WHAT YOU NEED TO DO:
Return the listing that follows, word for word.
+ + + + + + +
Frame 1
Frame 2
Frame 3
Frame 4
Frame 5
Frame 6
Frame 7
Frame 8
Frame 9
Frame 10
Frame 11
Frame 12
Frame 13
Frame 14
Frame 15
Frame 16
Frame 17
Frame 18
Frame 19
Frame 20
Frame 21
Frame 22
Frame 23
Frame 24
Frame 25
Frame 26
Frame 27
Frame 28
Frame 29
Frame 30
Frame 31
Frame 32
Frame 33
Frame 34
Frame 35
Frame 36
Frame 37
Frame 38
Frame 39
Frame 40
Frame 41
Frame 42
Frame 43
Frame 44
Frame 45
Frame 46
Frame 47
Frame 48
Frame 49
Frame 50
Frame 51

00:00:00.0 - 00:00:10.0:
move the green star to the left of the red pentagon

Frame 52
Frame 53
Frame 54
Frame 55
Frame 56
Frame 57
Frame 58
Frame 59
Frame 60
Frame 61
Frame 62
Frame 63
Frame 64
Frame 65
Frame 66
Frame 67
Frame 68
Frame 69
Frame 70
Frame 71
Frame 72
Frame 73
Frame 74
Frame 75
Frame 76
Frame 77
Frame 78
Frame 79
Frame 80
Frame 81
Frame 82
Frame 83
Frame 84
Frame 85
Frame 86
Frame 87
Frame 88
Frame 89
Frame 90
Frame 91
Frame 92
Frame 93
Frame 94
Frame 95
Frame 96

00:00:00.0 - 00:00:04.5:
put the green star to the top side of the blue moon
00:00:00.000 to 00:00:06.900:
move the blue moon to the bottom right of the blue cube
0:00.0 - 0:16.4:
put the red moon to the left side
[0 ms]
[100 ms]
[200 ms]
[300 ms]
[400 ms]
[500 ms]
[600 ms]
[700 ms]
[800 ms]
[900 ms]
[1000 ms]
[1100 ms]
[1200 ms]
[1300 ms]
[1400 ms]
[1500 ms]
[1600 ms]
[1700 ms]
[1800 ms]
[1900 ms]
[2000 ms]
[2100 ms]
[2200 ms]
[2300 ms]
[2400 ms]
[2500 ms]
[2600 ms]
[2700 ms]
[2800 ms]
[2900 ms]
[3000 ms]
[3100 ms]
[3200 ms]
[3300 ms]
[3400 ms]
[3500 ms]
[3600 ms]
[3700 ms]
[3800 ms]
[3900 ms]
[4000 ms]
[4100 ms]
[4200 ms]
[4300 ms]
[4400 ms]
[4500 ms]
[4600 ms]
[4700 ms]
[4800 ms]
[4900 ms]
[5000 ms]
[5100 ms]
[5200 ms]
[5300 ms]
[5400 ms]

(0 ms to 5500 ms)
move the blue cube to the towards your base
+ + + + + + +
ANSWER TO THE EXERCISE:
Frame 1
Frame 2
Frame 3
Frame 4
Frame 5
Frame 6
Frame 7
Frame 8
Frame 9
Frame 10
Frame 11
Frame 12
Frame 13
Frame 14
Frame 15
Frame 16
Frame 17
Frame 18
Frame 19
Frame 20
Frame 21
Frame 22
Frame 23
Frame 24
Frame 25
Frame 26
Frame 27
Frame 28
Frame 29
Frame 30
Frame 31
Frame 32
Frame 33
Frame 34
Frame 35
Frame 36
Frame 37
Frame 38
Frame 39
Frame 40
Frame 41
Frame 42
Frame 43
Frame 44
Frame 45
Frame 46
Frame 47
Frame 48
Frame 49
Frame 50
Frame 51

00:00:00.0 - 00:00:10.0:
move the green star to the left of the red pentagon

Frame 52
Frame 53
Frame 54
Frame 55
Frame 56
Frame 57
Frame 58
Frame 59
Frame 60
Frame 61
Frame 62
Frame 63
Frame 64
Frame 65
Frame 66
Frame 67
Frame 68
Frame 69
Frame 70
Frame 71
Frame 72
Frame 73
Frame 74
Frame 75
Frame 76
Frame 77
Frame 78
Frame 79
Frame 80
Frame 81
Frame 82
Frame 83
Frame 84
Frame 85
Frame 86
Frame 87
Frame 88
Frame 89
Frame 90
Frame 91
Frame 92
Frame 93
Frame 94
Frame 95
Frame 96

00:00:00.0 - 00:00:04.5:
put the green star to the top side of the blue moon
00:00:00.000 to 00:00:06.900:
move the blue moon to the bottom right of the blue cube
0:00.0 - 0:16.4:
put the red moon to the left side
[0 ms]
[100 ms]
[200 ms]
[300 ms]
[400 ms]
[500 ms]
[600 ms]
[700 ms]
[800 ms]
[900 ms]
[1000 ms]
[1100 ms]
[1200 ms]
[1300 ms]
[1400 ms]
[1500 ms]
[1600 ms]
[1700 ms]
[1800 ms]
[1900 ms]
[2000 ms]
[2100 ms]
[2200 ms]
[2300 ms]
[2400 ms]
[2500 ms]
[2600 ms]
[2700 ms]
[2800 ms]
[2900 ms]
[3000 ms]
[3100 ms]
[3200 ms]
[3300 ms]
[3400 ms]
[3500 ms]
[3600 ms]
[3700 ms]
[3800 ms]
[3900 ms]
[4000 ms]
[4100 ms]
[4200 ms]
[4300 ms]
[4400 ms]
[4500 ms]
[4600 ms]
[4700 ms]
[4800 ms]
[4900 ms]
[5000 ms]
[5100 ms]
[5200 ms]
[5300 ms]
[5400 ms]

(0 ms to 5500 ms)
move the blue cube to the towards your base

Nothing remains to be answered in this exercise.